(Entries taken from a collection)
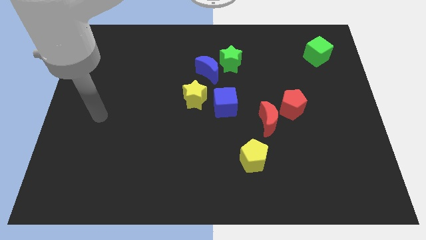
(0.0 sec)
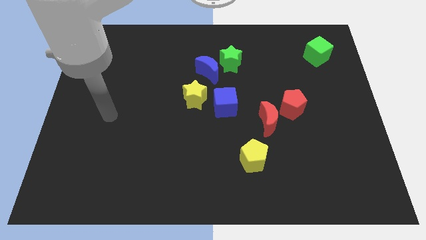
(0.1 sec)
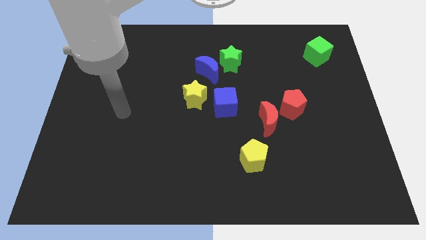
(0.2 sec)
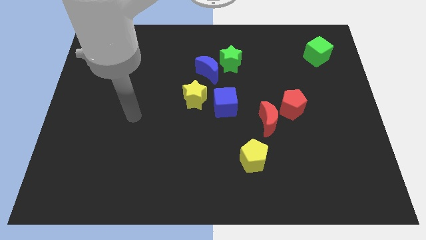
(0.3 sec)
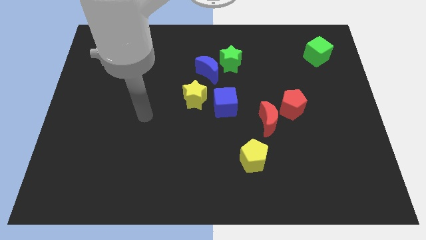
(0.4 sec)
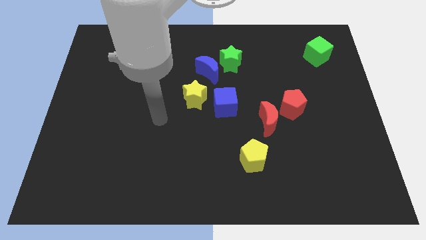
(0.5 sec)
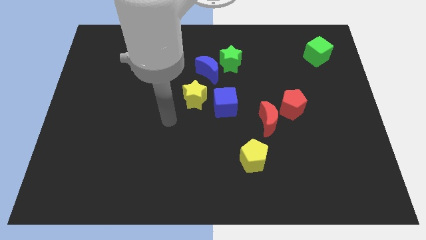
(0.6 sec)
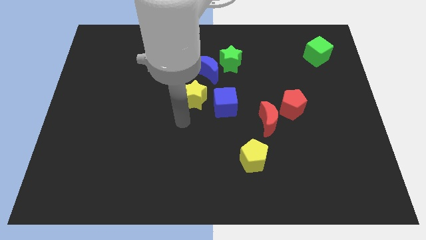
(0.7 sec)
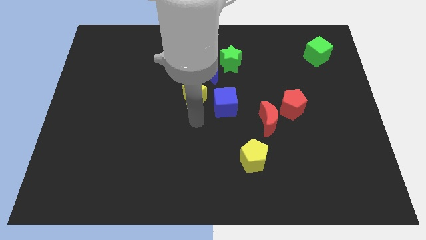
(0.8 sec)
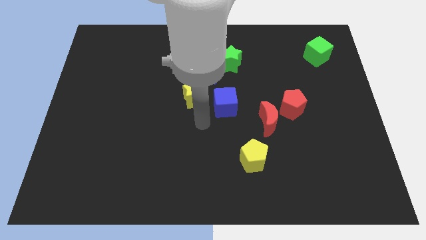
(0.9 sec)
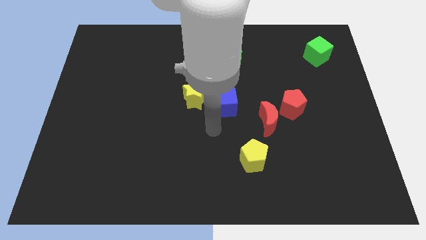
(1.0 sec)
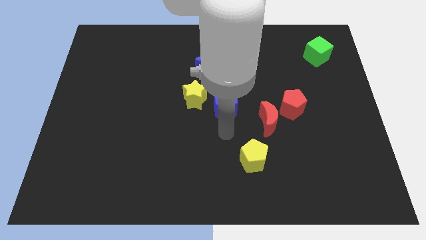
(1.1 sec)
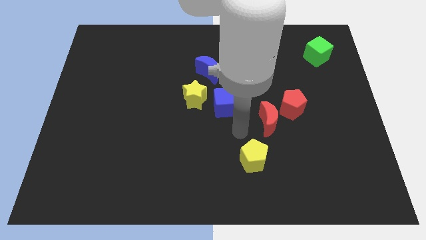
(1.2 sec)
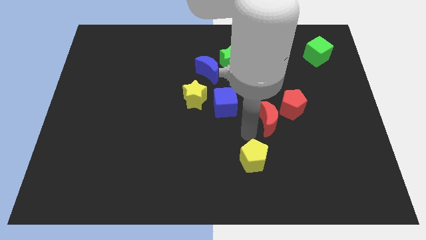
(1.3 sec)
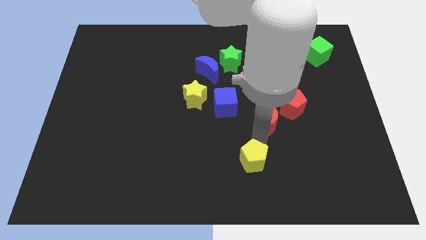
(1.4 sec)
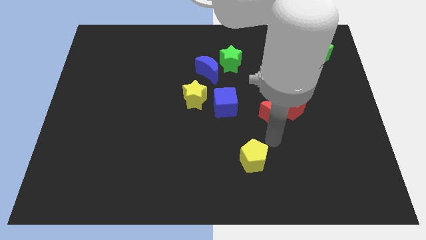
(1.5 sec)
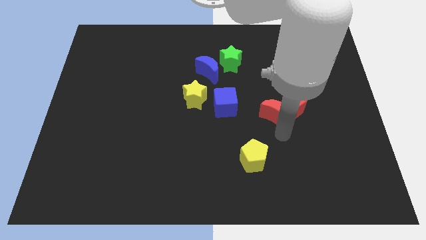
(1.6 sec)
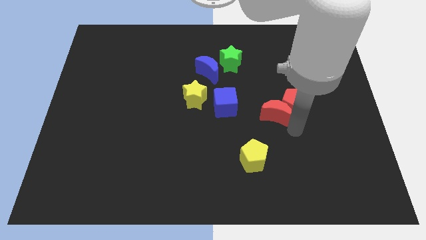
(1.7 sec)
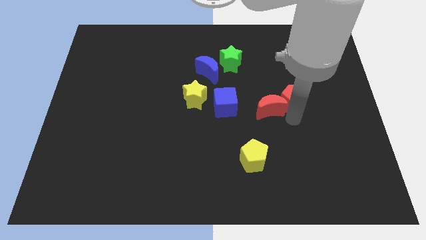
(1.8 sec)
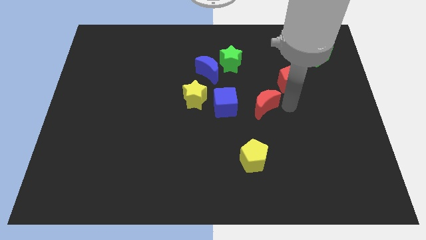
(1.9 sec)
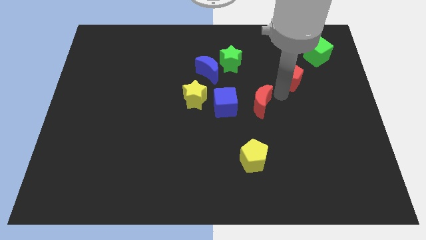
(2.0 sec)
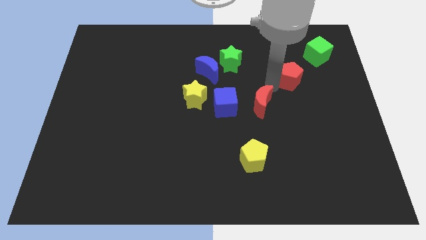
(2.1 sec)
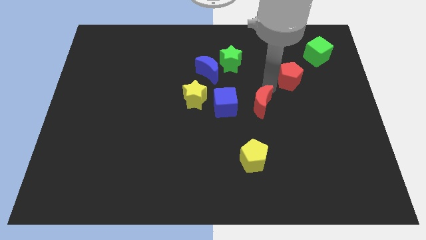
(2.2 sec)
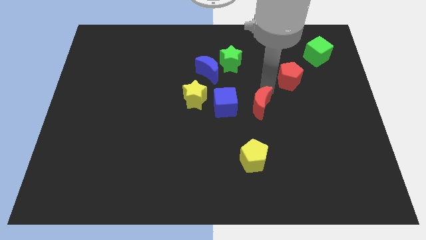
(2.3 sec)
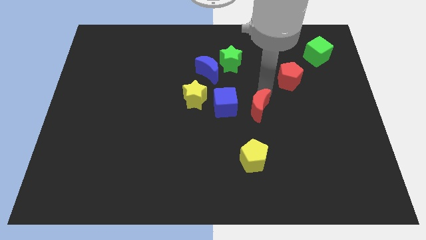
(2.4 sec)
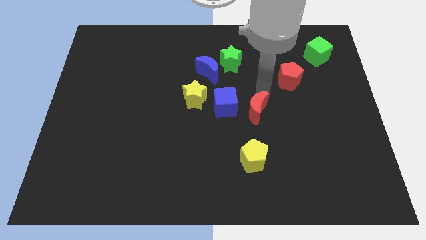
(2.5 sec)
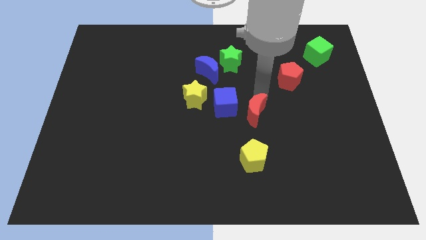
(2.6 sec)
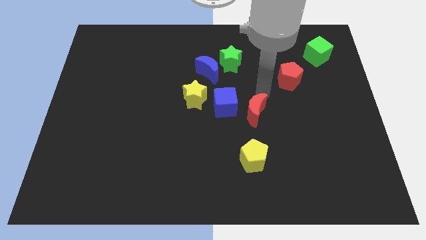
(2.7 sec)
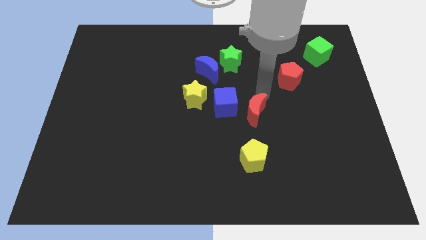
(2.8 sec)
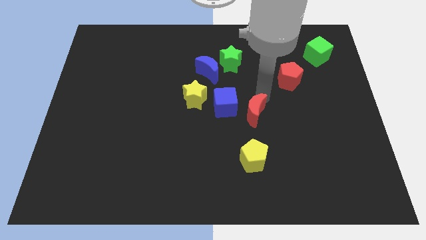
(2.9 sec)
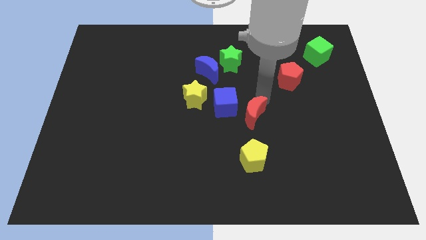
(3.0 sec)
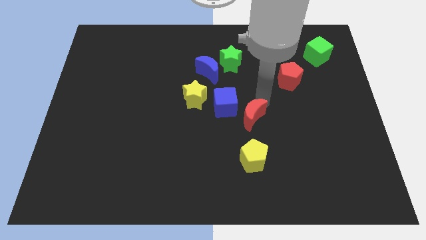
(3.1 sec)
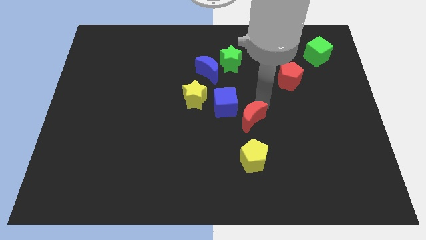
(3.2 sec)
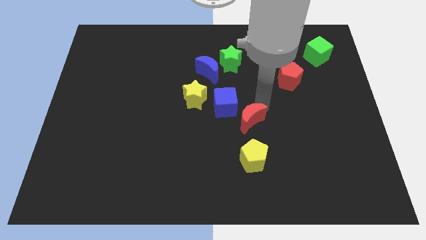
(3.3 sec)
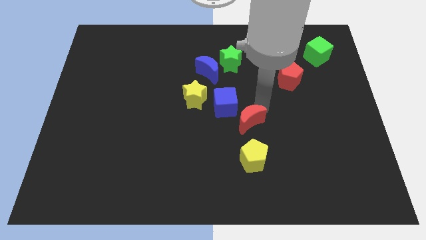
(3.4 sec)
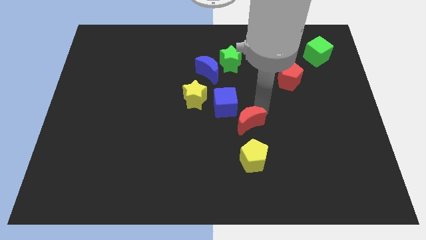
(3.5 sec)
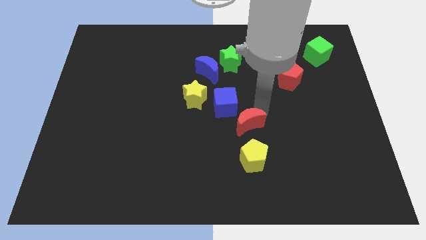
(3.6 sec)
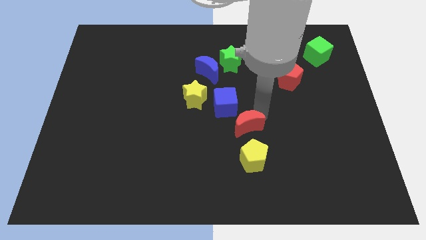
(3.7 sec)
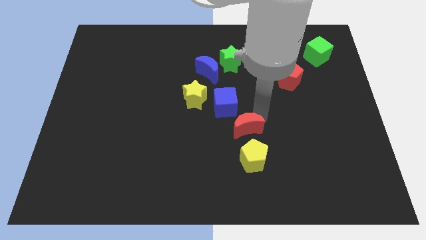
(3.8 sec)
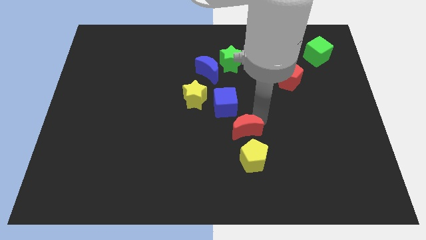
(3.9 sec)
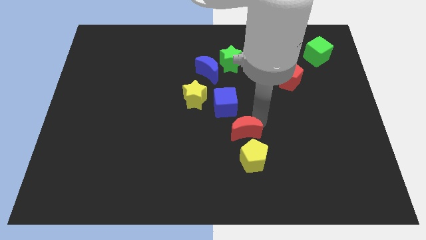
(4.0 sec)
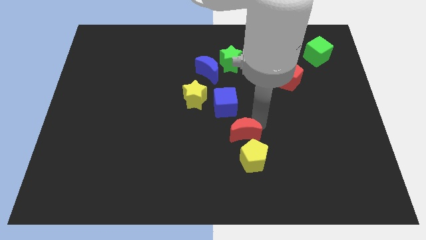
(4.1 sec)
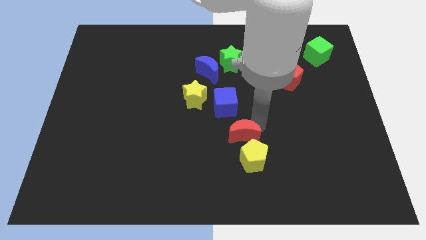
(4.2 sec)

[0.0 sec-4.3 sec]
slightly slide the red moon downwards and then to the left

> What to do
Quote every entry exactly, with the pictures omitted.

> Answer space
(0.0 sec)
(0.1 sec)
(0.2 sec)
(0.3 sec)
(0.4 sec)
(0.5 sec)
(0.6 sec)
(0.7 sec)
(0.8 sec)
(0.9 sec)
(1.0 sec)
(1.1 sec)
(1.2 sec)
(1.3 sec)
(1.4 sec)
(1.5 sec)
(1.6 sec)
(1.7 sec)
(1.8 sec)
(1.9 sec)
(2.0 sec)
(2.1 sec)
(2.2 sec)
(2.3 sec)
(2.4 sec)
(2.5 sec)
(2.6 sec)
(2.7 sec)
(2.8 sec)
(2.9 sec)
(3.0 sec)
(3.1 sec)
(3.2 sec)
(3.3 sec)
(3.4 sec)
(3.5 sec)
(3.6 sec)
(3.7 sec)
(3.8 sec)
(3.9 sec)
(4.0 sec)
(4.1 sec)
(4.2 sec)

[0.0 sec-4.3 sec]
slightly slide the red moon downwards and then to the left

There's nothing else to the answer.